Memory devices 622 represent volatile memory. Volatile memory is memory whose state (and therefore the data stored in it) is indeterminate if power is interrupted to the device. Dynamic volatile memory requires refreshing the data stored in the device to maintain state. One example of dynamic volatile memory includes DRAM (Dynamic Random Access Memory), or some variant such as Synchronous DRAM (SDRAM). A memory subsystem as described herein may be compatible with a number of memory technologies, such as DDR3 (Double Data Rate version 3) JESD79-3F, originally published by JEDEC (Joint Electronic Device Engineering Council) in June 2007. DDR4 (DDR version 4), JESD209-4D, originally published in September 2012, DDR5 (DDR version 5), JESD79-5B, originally published in June 2021, DDR6 (DDR version 6), currently in discussion by JEDEC, LPDDR3 (Low Power DDR version 3, JESD209-3C, originally published in August 2015, LPDDR4 (LPDDR version 4, JESD209-4D, originally published in June 2021), LPDDR5 (LPDDR version 5, JESD209-5B, originally published in June 2021), WIO2 (Wide Input/Output version 2), JESD229-2, originally published in August 2014, HBM (High Bandwidth Memory, JESD235B, originally published in December 2018, HBM2 (HBM version 2, JESD235D, originally published in March 2021, HBM3 (HBM version 3, JESD238A originally published in January 2023) or HBM4 (HBM version 4), currently in discussion by JEDEC, or others or combinations of memory technologies, and technologies based on derivatives or extensions of such specifications. The JEDEC standards are available at www.jedec.org.


Memory devices 622 are representative of either memory chips supporting on or more of the foregoing standards and/or packaged memory devices including such memory chips, such as DIMMs, SODIMMs (Small Outline DIMMs) and CAMM (Compression Attached Memory Modules) devices. Generally, DIMMs, SODIMMs and CAMM devices will be installed in or attached to mating connectors on a system board or the like in which an SoC or SoP is installed.


HBM 620 is representative of existing and future HBM memory devices supporting one or more of HTM, HBM2, HBM3, and/or HBM4. HBM memory may be tightly coupled with other circuitry in an SoP package, such as using a stacked 3D architecture or a tile or chiplet architecture. For example, all the circuit blocks/tiles shown for SoP 602 except for HBM 620 may comprise an SoC or the like, with HBM 620 coupled to the SoC.

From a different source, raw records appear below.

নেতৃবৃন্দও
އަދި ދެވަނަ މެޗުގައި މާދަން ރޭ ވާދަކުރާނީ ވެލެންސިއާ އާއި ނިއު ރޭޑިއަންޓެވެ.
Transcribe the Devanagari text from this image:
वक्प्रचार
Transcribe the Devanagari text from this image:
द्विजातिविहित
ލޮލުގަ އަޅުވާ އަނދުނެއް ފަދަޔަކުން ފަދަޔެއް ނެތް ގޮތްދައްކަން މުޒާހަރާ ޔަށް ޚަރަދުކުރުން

Socket-to-Socket I/O interfaces 612, which are optional, are used to support socket-to-socket communication in a multi-socket platform. Non-limiting examples of multiple socket platforms may include 2 sockets, 4 sockets, or more sockets. Under the terminology “socket” used here, an instance of SoP 602 would be installed in a respective socket on a system board or the like or could be directly mounted to the system board. In the art, the term “socket” in a multi-socket platform refers to a processor, SoC, or SoP whether the processor, SoC, or SoP is installed in a socket or mounted to a system board without a socket. When there are 4 or more sockets, the socket-to-socket communication paths may be arranged in a daisy-chain, a daisy-chain with cross connections and/or variations thereof.

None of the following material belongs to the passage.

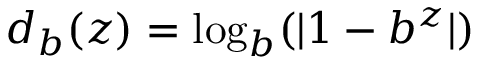
d _ { b } ( z ) = \log _ { b } ( | 1 - b ^ { z } | )

The I/O interfaces in I/O interface block 618 are generally illustrative of I/O interfaces configured in accordance with one or more I/O standards. This includes any type of I/O interface, such as but not limited to Peripheral Component Interconnect express (PCIe), Ethernet (IEEE 802.3), remote direct memory access (RDMA), InfiniBand, Internet Wide Area RDMA Protocol (iWARP), quick UDP Internet Connections (QUIC), RDMA over Converged Ethernet (RoCE), Intel® QuickPath Interconnect (QPI), Intel® Ultra Path Interconnect (UPI), Intel® On-Chip System Fabric (IOSF), Omnipath, Compute Express Link (CXL), HyperTransport, high-speed fabric, NVLink, Advanced Microcontroller Bus Architecture (AMBA) interconnect, OpenCAPI, Gen-Z, Cache Coherent Interconnect for Accelerators (CCIX), 3GPP Long Term Evolution (LTE) (4G), 3GPP 5G, and variations thereof.

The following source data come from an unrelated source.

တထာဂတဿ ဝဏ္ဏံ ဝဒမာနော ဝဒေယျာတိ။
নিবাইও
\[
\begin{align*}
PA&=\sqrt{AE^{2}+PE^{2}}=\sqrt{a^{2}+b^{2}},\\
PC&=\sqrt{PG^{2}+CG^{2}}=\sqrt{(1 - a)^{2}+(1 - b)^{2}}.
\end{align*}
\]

While various embodiments described herein use the term System-on-a-Chip or System-on-Chip (“SoC”) to describe a device or system having a processor and associated circuitry (e.g., Input/Output (“I/O”) circuitry, power delivery circuitry, memory circuitry, etc.) integrated monolithically into a single Integrated Circuit (“IC”) die, or chip, the present disclosure is not limited in that respect. For example, in various embodiments of the present disclosure, a device or system can have one or more processors (e.g., one or more processor cores) and associated circuitry (e.g., Input/Output (“I/O”) circuitry, power delivery circuitry, etc.) arranged in a disaggregated collection of discrete dies, tiles and/or chiplets (e.g., one or more discrete processor core die arranged adjacent to one or more other die such as memory die, I/O die, etc.). In such disaggregated devices and systems the various dies, tiles and/or chiplets can be physically and electrically coupled together by a package structure including, for example, various packaging substrates, interposers, active interposers, photonic interposers, interconnect bridges and the like. The disaggregated collection of discrete dies, tiles, and/or chiplets can also be part of a System-on-Package (“SoP”).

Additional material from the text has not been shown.